"If you don't move forward-you begin to move backward"

In a speech at Harvard on December 4, Mikhail Gorbachev, the man who led the Soviet Union from 1985 until its dissolution in 1991, urged today’s world leaders to place nuclear disarmament...

In a speech at Harvard on December 4, Mikhail Gorbachev, the man who led the Soviet Union from 1985 until its dissolution in 1991, urged today’s world leaders to place nuclear disarmament at the top of their agendas.

Because a key weapons treaty is set to expire in 2009, and talks on replacing or extending it have not begun, “The responsibility of the current two presidents is very great,” Gorbachev said through a translator.

When Gorbachev came to power, he recalled, “People at the time were saying one thing… ‘Do whatever you can to prevent nuclear war.’ ” Nowadays, he said, those concerns are not the foremost worry on people’s minds. Gorbachev called for making them a top priority once again: “If you don’t move forward, sooner or later you begin to move backward.”

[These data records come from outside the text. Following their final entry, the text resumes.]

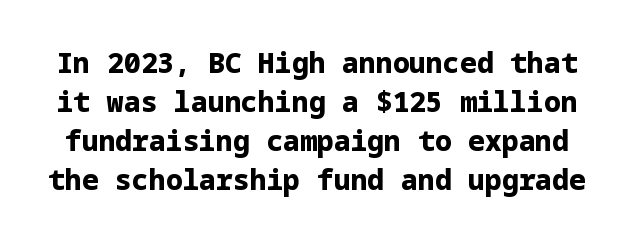
Q: Is the text bold? A: Yes.
Q: Is the text italic (slanted)? A: No, it is upright.
Q: Is the typeface a serif or a sans-serif typeface? A: Sans-serif.
Q: Is the text underlined? A: No.
Q: Is the spacing between letters normal or unusually wide? A: Normal.
Q: Is the spacing between lines tight, normal or loose? A: Normal.
Q: Width (condensed, normal, or wide)? A: Normal.
Q: Stroke contrast? A: Low.
Q: x-height? A: Medium.
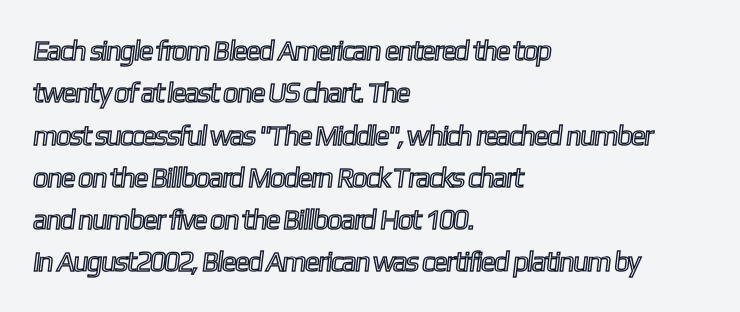
{"width": "condensed", "x_height": "medium", "monospaced": "no", "underline": "no", "align": "left", "line_spacing": "normal", "line_spacing_ratio": 1.51, "letter_spacing": "normal", "letter_spacing_em": 0.0, "glyph_px": 28}
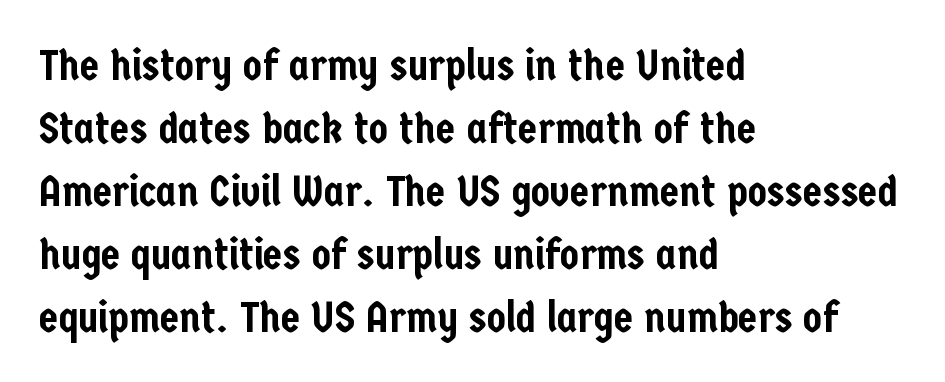
Q: Is the text italic (slanted)? A: No, it is upright.
Q: Is the typeface a serif or a sans-serif typeface? A: Sans-serif.
Q: Is the text underlined? A: No.
Q: How is the paragraph aligned? A: Left-aligned.
Q: Is the spacing between letters normal or unusually wide? A: Normal.
Q: Is the spacing between lines tight, normal or loose? A: Normal.
Q: Width (condensed, normal, or wide)? A: Condensed.
Q: Stroke contrast? A: Low.
Q: x-height? A: Medium.
Q: Monospaced? A: No.

Gorbachev delivered the Albert H. Gordon Lecture on Finance and Public Policy. The next day, he was scheduled to meet with policymakers — 15 Russian, 15 American, and 15 from other countries — to discuss the lessons of nonproliferation treaties and the current nuclear horizons.

During his speech, he called for full nuclear disarmament: “Not overnight, but quickly, we should move toward that goal.”Although many nations – including China, India, Brazil, Iran, and the European Union members – “need to enter the conversation,” Gorbachev said, “It is for Russia and the United States to take the initiative” because of their historic role with regard to nuclear weapons, and because they still have the world’s largest stockpiles of such weapons.

Gorbachev spoke for an hour before a packed John F. Kennedy Jr. Forum at the Kennedy School of Government, and then took questions for nearly another hour.

An undergraduate representing a group of students who were born in the Soviet Union asked Gorbachev whether he regrets the fact that the USSR no longer exists. Gorbachev called the USSR’s collapse “the biggest failure in my political career.” What was intended as decentralization snowballed into dissolution because, Gorbachev said, “There was a big battle within the Party…There were some people who took advantage of that situation.…I still believe the union could have been preserved.”

Gorbachev offered some criticisms of current U.S. foreign policy, accusing the United States of trying to build “a monopoly on global governance.” He was critical of “a militarization under way in the U.S.,” calling it “a kind of disease.”

And he called for building “a united Europe, from the west and from the east.” He said prospects existed for Russia and Ukraine to form a common economic space that could have been “a good partner to the European Union,” but those prospects waned with the 2004 elections, where Ukrainians chose the anti-Russian over the pro-Russian presidential candidate.

When Graham T. Allison, Dillon professor of government and director of the Belfer Center for Science and International Affairs, tried to cut off questions and end the event, Gorbachev interrupted Allison and offered to take one more question from each of the four audience microphones.

Although the title of Gorbachev’s talk was “Overcoming Nuclear Danger,” listeners who asked questions seemed equally interested in hearing Gorbachev’s take on Russia’s current political situation. But Gorbachev’s responses were either polite dodges or cryptic replies."

If you were the president of Russia right now, what would you be doing differently?” one audience member asked.Gorbachev’s response: "I don’t reply to such questions."Asked about the results of this week’s parliamentary elections in Russia, Gorbachev answered elliptically. The ruling party, United Russia, now "has to pay back bargains it made," he said. If the party doesn’t pay back those bargains, he said, "You know what happens."